Records drawn from a dataset
/---

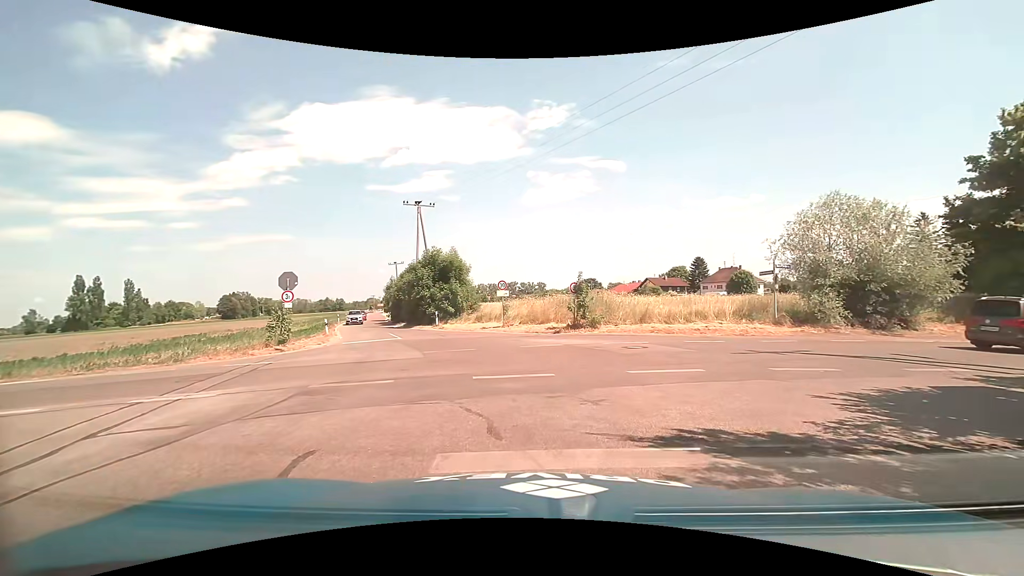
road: unclassified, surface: asphalt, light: Day
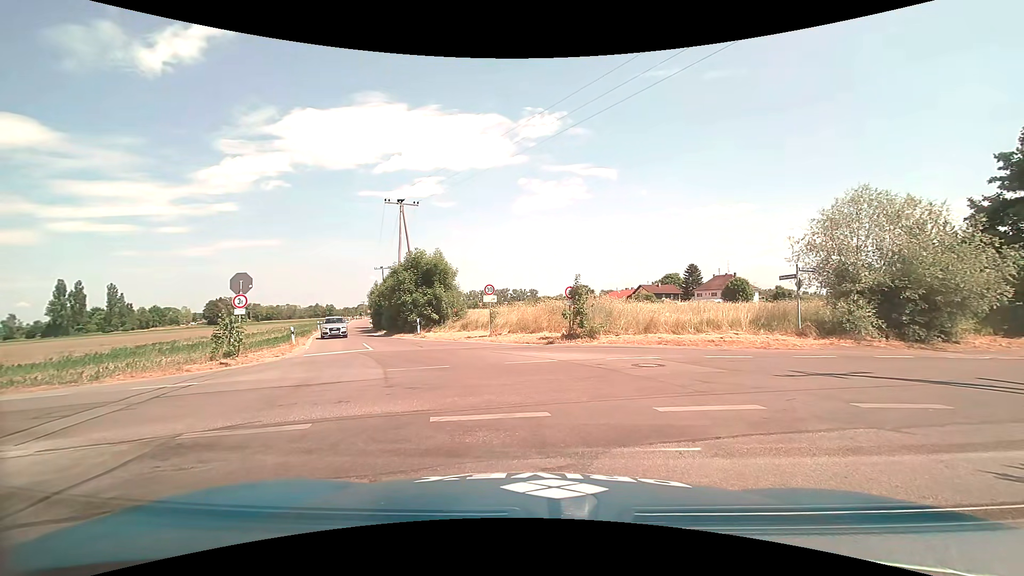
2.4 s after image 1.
(-0.1, +2.9) m; -2°
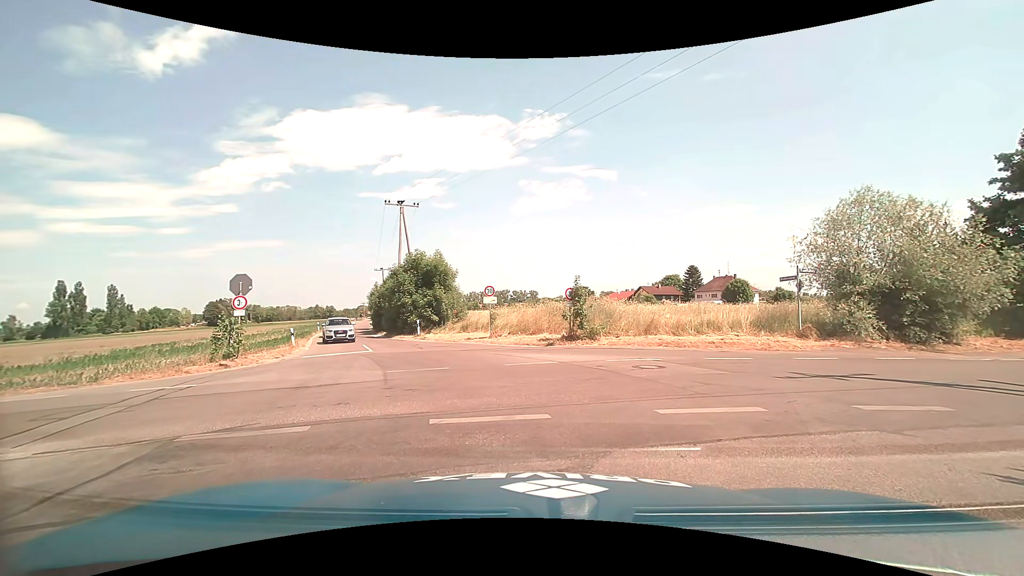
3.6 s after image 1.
(0.0, +0.1) m; 0°
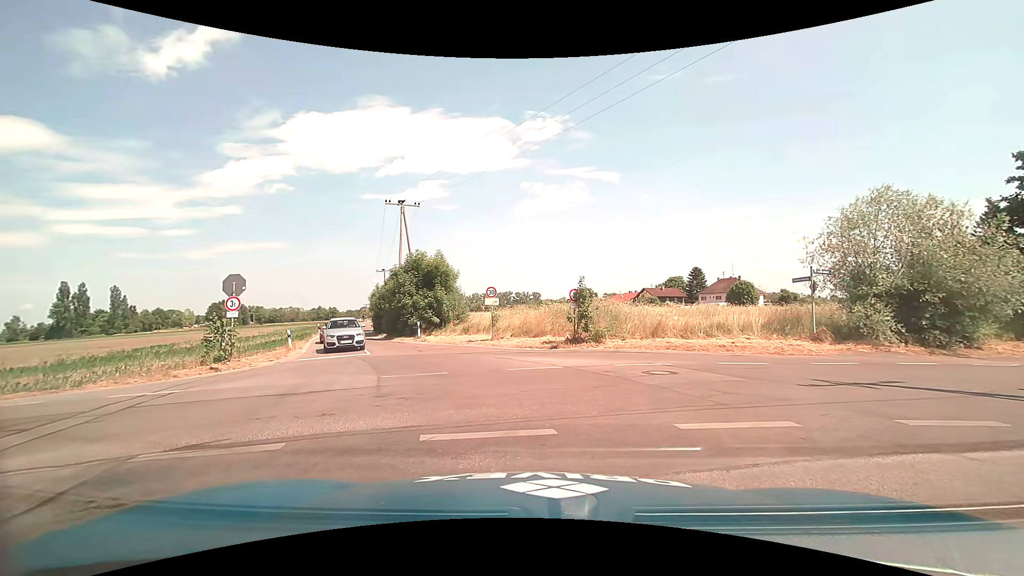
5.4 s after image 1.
(0.0, +0.7) m; 0°
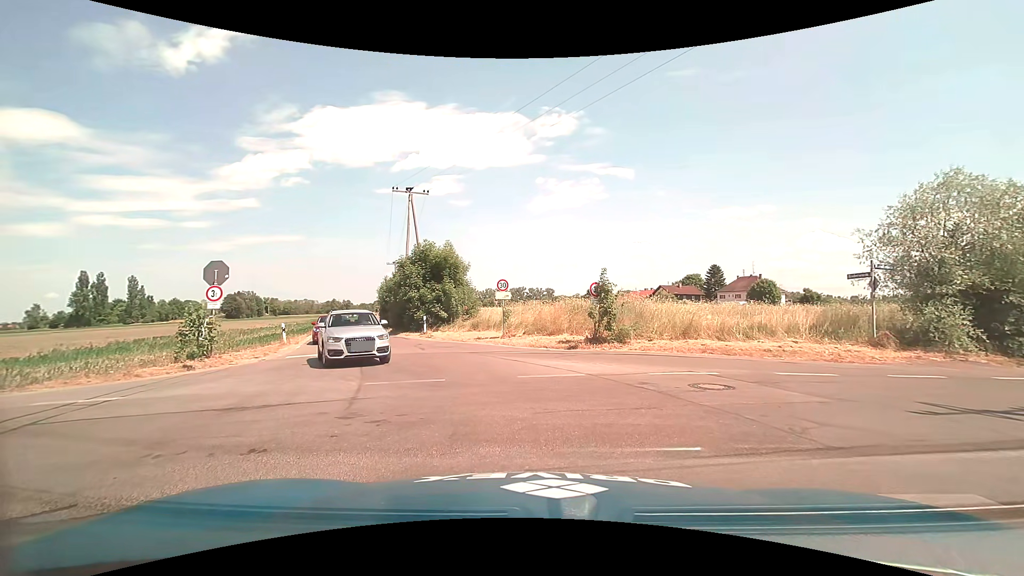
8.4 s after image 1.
(0.0, +2.3) m; 0°
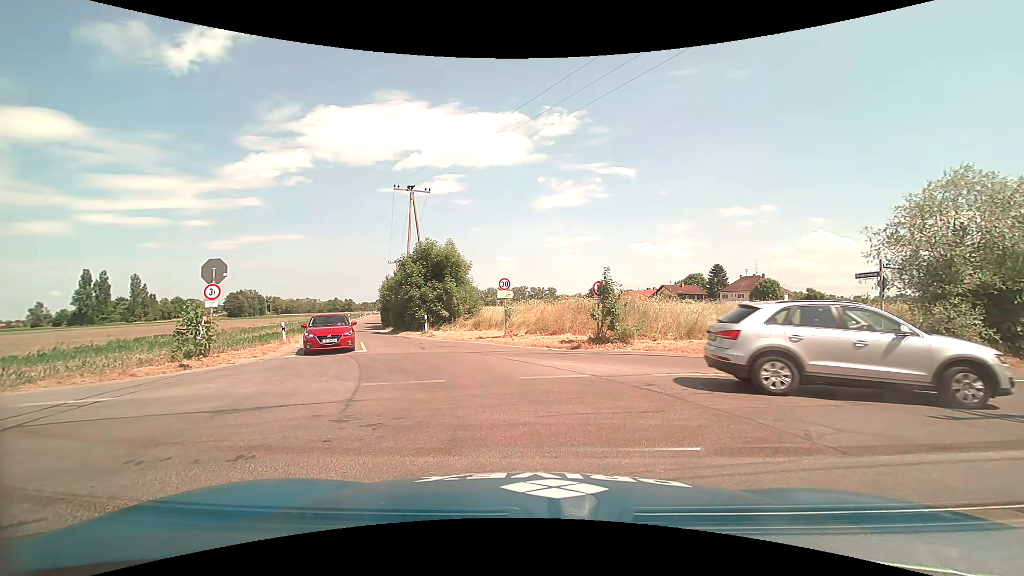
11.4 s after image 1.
(0.0, +0.4) m; 0°
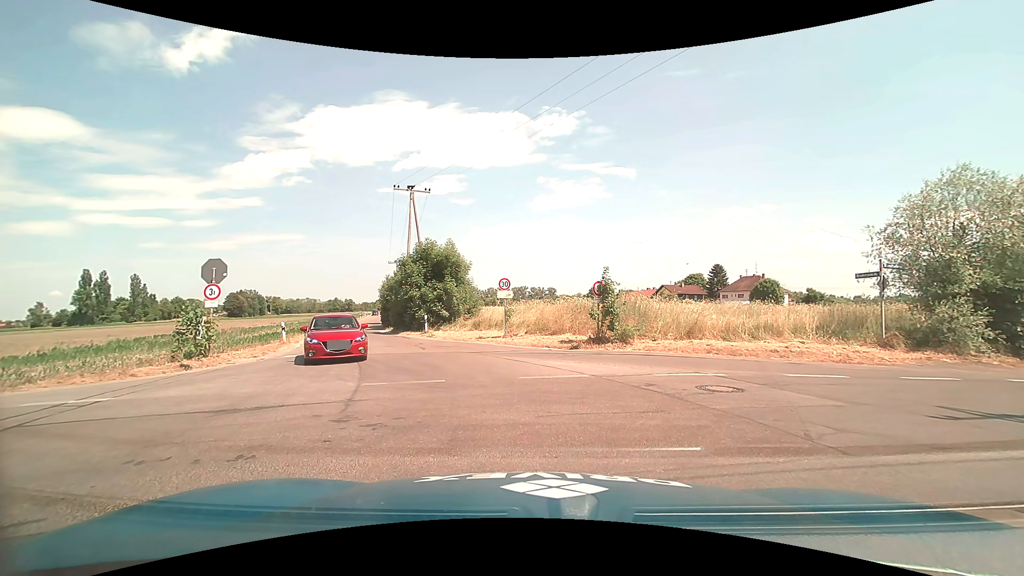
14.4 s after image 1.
(0.0, 0.0) m; 0°
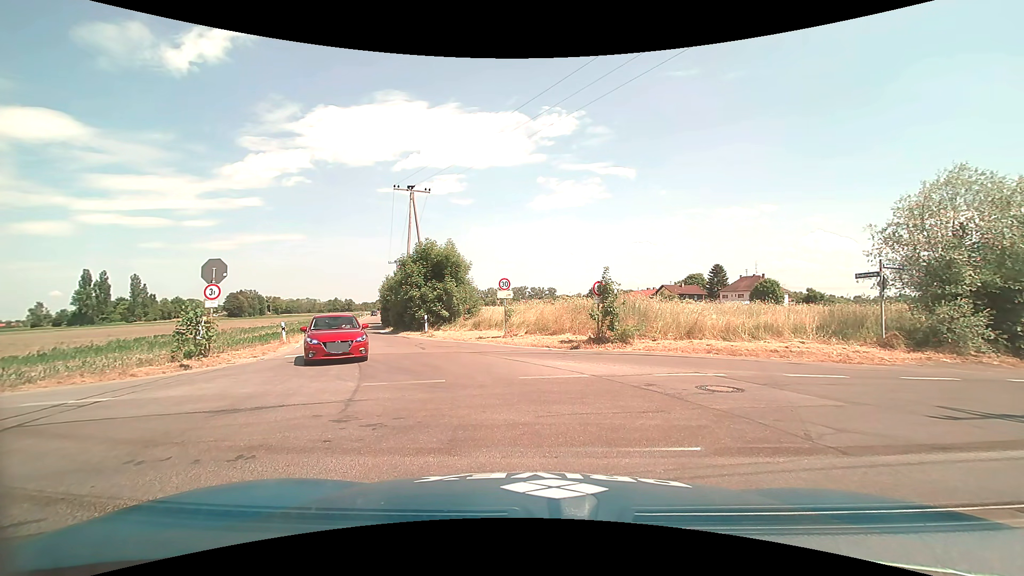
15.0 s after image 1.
(0.0, 0.0) m; 0°

\---

> **Activity**
Copy only this, please: the line with "5.4 s after image 1." and every line after it through the end of the data, with no pictures.

> **Answer area**
5.4 s after image 1.
(0.0, +0.7) m; 0°
8.4 s after image 1.
(0.0, +2.3) m; 0°
11.4 s after image 1.
(0.0, +0.4) m; 0°
14.4 s after image 1.
(0.0, 0.0) m; 0°
15.0 s after image 1.
(0.0, 0.0) m; 0°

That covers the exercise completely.